Pattern: Continue-as-new prevents event history bloat by starting a new workflow execution with a clean history. Warning: This is not a “continue”; it’s a “restart”. The new run loses all self.state unless you explicitly pass the necessary data as arguments to the continue_as_new call.

Complete integration

Full example with error handling:

@workflow.defn
class DocumentWorkflow:
    def __init__(self):
        self.state = {"doc_id": None, "summary": None, "status": "pending"}
        self.approval_received = None

    @workflow.run
    async def run(self, doc_id: str) -> dict:
        self.state["doc_id"] = doc_id

        try:
            # Fetch with retry
            doc = await workflow.execute_activity(
                fetch_document,
                doc_id,
                retry_policy=RetryPolicy(maximum_attempts=3),
                start_to_close_timeout=timedelta(seconds=10)
            )

            # LLM with rate limit handling
            summary = await workflow.execute_activity(
                generate_summary,
                doc.text,
                retry_policy=RetryPolicy(
                    backoff_coefficient=2.0,
                    maximum_attempts=5,
                    non_retryable_error_types=["InvalidAPIKeyError"]
                ),
                start_to_close_timeout=timedelta(seconds=30)
            )
            self.state["summary"] = summary

            # Human approval
            await workflow.wait_condition(
                lambda: self.approval_received is not None,
                timeout=timedelta(hours=24)
            )

            if self.approval_received:
                await workflow.execute_activity(
                    save_results,
                    self.state,
                    start_to_close_timeout=timedelta(seconds=10)
                )
                self.state["status"] = "completed"
            else:
                self.state["status"] = "rejected"

        except Exception as e:
            self.state["status"] = "failed"
            self.state["error"] = str(e)

        return self.state

    @workflow.signal
    async def approve_summary(self, approved: bool):
        self.approval_received = approved

    @workflow.query
    def get_status(self) -> dict:
        return self.state

Best practices

Use exponential backoff for rate limits.
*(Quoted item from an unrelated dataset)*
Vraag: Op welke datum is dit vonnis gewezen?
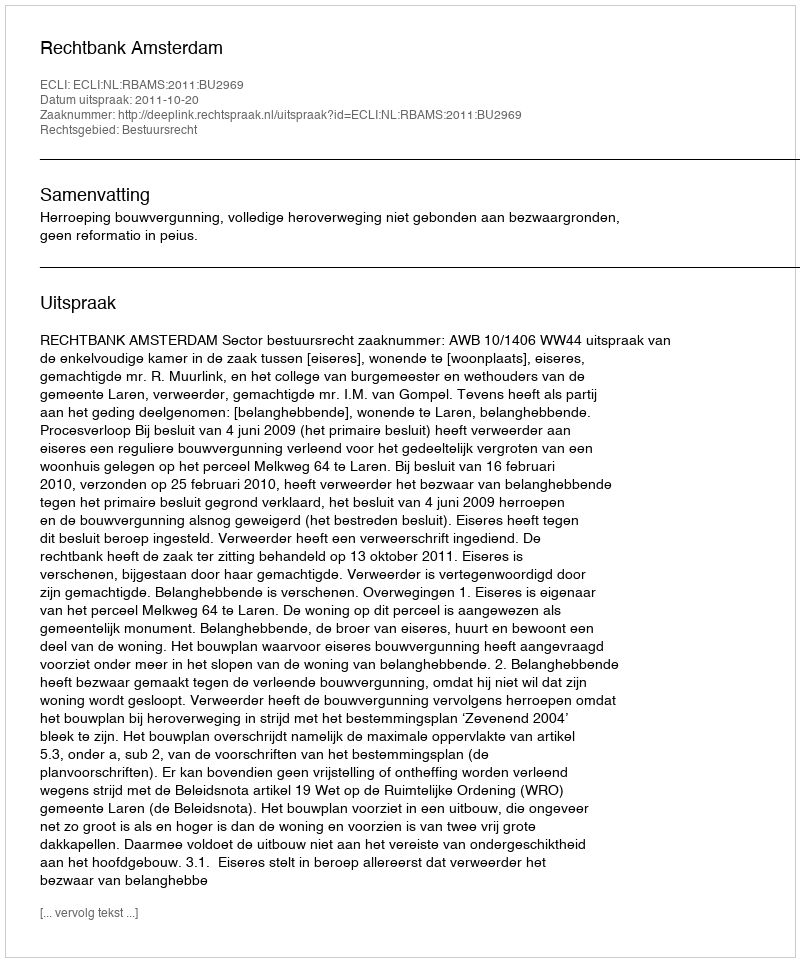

Set backoff_coefficient > 1.5 (typically 2.0) and maximum_interval to prevent retry storms. Add jitter if calling shared services to avoid thundering herd effects.

Store references, not large payloads. Event History isn’t designed for petabyte storage. For large LLM outputs or document content, store only S3 URLs or database IDs in workflow state. Fetch actual data in Activities.

Monitor Event History size. Workflows exceeding 1000–2000 events should implement Continue-as-new. High event counts degrade replay performance and risk hitting platform limits.

Set appropriate timeouts. start_to_close_timeout should exceed typical activity duration but fail stuck calls quickly. schedule_to_close_timeout should account for total retry time including backoff periods. Missing timeouts risk infinite hangs.

Make Activities idempotent. Temporal guarantees at-least-once execution. Activities may execute multiple times. Use idempotency keys for payments or other non-repeatable operations.

Use Task Queues for resource isolation. Deploy GPU workers on dedicated queues with max_concurrent_activities limits. This implements Bulkhead pattern, preventing resource exhaustion and controlling costs.

Conclusion

Temporal trades upfront complexity for long-term reliability. The determinism constraint and operational overhead (self-hosted requires Cassandra/Postgres, Elasticsearch for Visibility) make it overkill for simple batch jobs or stateless services.

For LLM pipelines with expensive API calls, multi-hour execution times, or critical fault tolerance requirements, the architecture works. Automatic state recovery, configurable retry policies, and Time-Travel Debugging fix entire classes of production failures.

Add Temporal when failure recovery and durable orchestration become blocking issues, not as a default architecture choice.